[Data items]
::::

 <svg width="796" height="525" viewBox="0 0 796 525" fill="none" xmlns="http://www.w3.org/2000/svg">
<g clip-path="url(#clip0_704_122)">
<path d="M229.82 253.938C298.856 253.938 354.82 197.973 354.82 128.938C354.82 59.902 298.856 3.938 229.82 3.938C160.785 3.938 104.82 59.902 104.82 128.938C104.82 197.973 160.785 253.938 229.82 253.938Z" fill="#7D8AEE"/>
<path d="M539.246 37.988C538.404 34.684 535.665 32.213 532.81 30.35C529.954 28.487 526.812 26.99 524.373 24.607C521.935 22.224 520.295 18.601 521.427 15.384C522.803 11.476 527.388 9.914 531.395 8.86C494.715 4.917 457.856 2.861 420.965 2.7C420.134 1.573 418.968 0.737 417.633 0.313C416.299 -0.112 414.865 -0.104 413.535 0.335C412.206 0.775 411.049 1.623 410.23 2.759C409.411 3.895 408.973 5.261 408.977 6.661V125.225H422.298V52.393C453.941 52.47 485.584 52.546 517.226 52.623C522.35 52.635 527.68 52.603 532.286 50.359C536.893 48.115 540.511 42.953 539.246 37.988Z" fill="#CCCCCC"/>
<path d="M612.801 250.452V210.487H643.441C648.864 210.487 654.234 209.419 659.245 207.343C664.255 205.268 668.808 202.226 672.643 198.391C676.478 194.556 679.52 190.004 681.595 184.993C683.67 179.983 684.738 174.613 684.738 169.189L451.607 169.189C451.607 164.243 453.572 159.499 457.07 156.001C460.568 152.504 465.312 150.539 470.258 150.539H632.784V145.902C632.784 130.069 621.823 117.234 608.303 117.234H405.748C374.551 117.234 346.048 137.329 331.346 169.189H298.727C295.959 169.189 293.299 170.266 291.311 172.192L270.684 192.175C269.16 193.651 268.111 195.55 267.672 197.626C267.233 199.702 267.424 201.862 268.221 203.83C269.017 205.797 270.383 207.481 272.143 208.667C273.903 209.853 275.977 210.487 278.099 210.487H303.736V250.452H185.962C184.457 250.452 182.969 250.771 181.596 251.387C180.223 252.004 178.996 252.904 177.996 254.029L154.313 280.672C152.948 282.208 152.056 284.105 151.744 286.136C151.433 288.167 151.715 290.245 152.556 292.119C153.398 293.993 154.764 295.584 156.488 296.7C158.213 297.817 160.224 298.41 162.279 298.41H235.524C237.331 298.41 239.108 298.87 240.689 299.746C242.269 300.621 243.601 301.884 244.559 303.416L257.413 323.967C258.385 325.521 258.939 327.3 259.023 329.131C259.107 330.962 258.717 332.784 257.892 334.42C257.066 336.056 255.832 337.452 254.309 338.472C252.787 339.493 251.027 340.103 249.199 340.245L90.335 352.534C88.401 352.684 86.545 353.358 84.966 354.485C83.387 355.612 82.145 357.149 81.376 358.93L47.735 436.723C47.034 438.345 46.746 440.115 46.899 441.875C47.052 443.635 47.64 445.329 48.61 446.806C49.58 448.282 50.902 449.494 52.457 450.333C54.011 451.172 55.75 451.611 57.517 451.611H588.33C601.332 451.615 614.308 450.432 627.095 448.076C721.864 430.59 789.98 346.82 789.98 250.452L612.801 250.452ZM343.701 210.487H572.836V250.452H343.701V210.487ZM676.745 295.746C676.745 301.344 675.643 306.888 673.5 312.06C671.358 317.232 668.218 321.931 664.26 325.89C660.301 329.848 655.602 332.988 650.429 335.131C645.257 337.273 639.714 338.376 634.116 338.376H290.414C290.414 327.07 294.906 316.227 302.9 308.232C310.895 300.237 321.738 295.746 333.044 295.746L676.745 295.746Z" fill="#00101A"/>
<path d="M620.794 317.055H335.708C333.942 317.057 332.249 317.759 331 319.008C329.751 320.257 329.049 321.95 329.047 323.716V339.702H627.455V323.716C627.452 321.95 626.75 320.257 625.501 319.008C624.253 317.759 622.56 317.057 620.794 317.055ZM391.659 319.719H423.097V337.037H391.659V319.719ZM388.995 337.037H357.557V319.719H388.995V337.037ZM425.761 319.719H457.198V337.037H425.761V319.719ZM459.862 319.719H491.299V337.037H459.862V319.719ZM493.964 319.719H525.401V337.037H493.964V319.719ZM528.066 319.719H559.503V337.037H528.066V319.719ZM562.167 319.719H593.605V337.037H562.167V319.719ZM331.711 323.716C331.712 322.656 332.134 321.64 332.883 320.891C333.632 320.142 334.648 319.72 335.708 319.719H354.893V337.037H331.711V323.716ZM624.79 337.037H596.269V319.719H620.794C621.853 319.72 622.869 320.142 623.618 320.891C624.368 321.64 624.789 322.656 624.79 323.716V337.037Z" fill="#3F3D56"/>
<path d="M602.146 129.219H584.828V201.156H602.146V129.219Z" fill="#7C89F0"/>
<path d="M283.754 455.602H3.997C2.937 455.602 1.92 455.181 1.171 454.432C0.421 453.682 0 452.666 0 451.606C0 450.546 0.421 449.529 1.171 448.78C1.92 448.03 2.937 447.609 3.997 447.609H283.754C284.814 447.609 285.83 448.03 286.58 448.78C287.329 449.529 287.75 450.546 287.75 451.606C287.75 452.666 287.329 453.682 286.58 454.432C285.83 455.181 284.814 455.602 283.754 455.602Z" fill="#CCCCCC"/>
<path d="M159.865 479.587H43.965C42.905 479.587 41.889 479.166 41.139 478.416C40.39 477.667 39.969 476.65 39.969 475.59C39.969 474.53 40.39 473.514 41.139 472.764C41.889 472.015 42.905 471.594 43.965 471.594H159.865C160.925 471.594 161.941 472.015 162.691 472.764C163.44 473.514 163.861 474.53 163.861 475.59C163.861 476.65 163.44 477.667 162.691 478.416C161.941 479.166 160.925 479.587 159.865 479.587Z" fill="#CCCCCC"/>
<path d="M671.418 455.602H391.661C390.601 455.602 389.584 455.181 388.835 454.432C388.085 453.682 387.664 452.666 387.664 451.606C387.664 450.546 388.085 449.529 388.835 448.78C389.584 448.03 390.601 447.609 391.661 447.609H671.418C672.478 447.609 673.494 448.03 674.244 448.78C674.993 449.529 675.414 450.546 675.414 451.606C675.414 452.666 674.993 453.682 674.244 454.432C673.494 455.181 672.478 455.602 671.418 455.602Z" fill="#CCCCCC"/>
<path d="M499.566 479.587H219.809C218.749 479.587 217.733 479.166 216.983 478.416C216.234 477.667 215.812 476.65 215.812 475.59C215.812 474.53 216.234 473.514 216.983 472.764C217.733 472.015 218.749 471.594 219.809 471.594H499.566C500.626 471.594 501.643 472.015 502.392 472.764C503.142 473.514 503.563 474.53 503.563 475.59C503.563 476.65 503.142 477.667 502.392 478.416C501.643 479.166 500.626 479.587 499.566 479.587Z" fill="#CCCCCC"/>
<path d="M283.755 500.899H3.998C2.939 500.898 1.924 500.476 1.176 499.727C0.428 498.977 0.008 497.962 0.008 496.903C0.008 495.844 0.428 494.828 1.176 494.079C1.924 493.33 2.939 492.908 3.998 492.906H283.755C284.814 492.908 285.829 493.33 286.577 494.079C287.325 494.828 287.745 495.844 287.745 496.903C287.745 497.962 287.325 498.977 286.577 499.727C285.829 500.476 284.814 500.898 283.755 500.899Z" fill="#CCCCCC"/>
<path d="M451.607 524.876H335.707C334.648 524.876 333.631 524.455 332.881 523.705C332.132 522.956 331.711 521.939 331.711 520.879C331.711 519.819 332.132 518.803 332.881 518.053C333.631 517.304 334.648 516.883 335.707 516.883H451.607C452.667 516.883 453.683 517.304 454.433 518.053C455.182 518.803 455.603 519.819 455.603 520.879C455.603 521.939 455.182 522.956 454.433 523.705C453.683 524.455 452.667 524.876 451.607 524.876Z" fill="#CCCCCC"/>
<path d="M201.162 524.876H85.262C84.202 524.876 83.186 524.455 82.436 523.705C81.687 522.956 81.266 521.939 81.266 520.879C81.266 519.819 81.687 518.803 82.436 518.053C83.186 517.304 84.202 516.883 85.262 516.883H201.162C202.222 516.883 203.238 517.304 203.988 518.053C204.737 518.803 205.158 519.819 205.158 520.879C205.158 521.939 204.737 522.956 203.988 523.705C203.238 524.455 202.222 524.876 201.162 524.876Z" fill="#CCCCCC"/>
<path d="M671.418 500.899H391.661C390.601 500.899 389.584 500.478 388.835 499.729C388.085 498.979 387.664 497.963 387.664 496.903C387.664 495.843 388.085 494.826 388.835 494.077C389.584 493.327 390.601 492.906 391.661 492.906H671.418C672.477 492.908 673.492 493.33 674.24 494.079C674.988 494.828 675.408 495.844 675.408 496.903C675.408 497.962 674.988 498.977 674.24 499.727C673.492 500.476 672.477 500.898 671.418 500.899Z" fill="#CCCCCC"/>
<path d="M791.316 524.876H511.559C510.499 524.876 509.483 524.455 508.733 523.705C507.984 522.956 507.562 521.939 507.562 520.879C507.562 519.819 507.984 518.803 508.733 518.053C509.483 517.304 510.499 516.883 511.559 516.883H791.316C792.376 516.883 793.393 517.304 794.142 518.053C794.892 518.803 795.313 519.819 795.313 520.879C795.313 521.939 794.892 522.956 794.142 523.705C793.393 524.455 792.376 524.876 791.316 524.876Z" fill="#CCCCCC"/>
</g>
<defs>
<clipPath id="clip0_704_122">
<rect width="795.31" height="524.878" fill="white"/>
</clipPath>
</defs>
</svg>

::::

*Work task:* Your task is to restate, word for word, only those lines above that fall between the line holding "317.055H335.708C333.942 317.057 332.249" and the line holding "455.602H3.997C2.937 455.602 1.92", inclusive.

*Output:*
<path d="M620.794 317.055H335.708C333.942 317.057 332.249 317.759 331 319.008C329.751 320.257 329.049 321.95 329.047 323.716V339.702H627.455V323.716C627.452 321.95 626.75 320.257 625.501 319.008C624.253 317.759 622.56 317.057 620.794 317.055ZM391.659 319.719H423.097V337.037H391.659V319.719ZM388.995 337.037H357.557V319.719H388.995V337.037ZM425.761 319.719H457.198V337.037H425.761V319.719ZM459.862 319.719H491.299V337.037H459.862V319.719ZM493.964 319.719H525.401V337.037H493.964V319.719ZM528.066 319.719H559.503V337.037H528.066V319.719ZM562.167 319.719H593.605V337.037H562.167V319.719ZM331.711 323.716C331.712 322.656 332.134 321.64 332.883 320.891C333.632 320.142 334.648 319.72 335.708 319.719H354.893V337.037H331.711V323.716ZM624.79 337.037H596.269V319.719H620.794C621.853 319.72 622.869 320.142 623.618 320.891C624.368 321.64 624.789 322.656 624.79 323.716V337.037Z" fill="#3F3D56"/>
<path d="M602.146 129.219H584.828V201.156H602.146V129.219Z" fill="#7C89F0"/>
<path d="M283.754 455.602H3.997C2.937 455.602 1.92 455.181 1.171 454.432C0.421 453.682 0 452.666 0 451.606C0 450.546 0.421 449.529 1.171 448.78C1.92 448.03 2.937 447.609 3.997 447.609H283.754C284.814 447.609 285.83 448.03 286.58 448.78C287.329 449.529 287.75 450.546 287.75 451.606C287.75 452.666 287.329 453.682 286.58 454.432C285.83 455.181 284.814 455.602 283.754 455.602Z" fill="#CCCCCC"/>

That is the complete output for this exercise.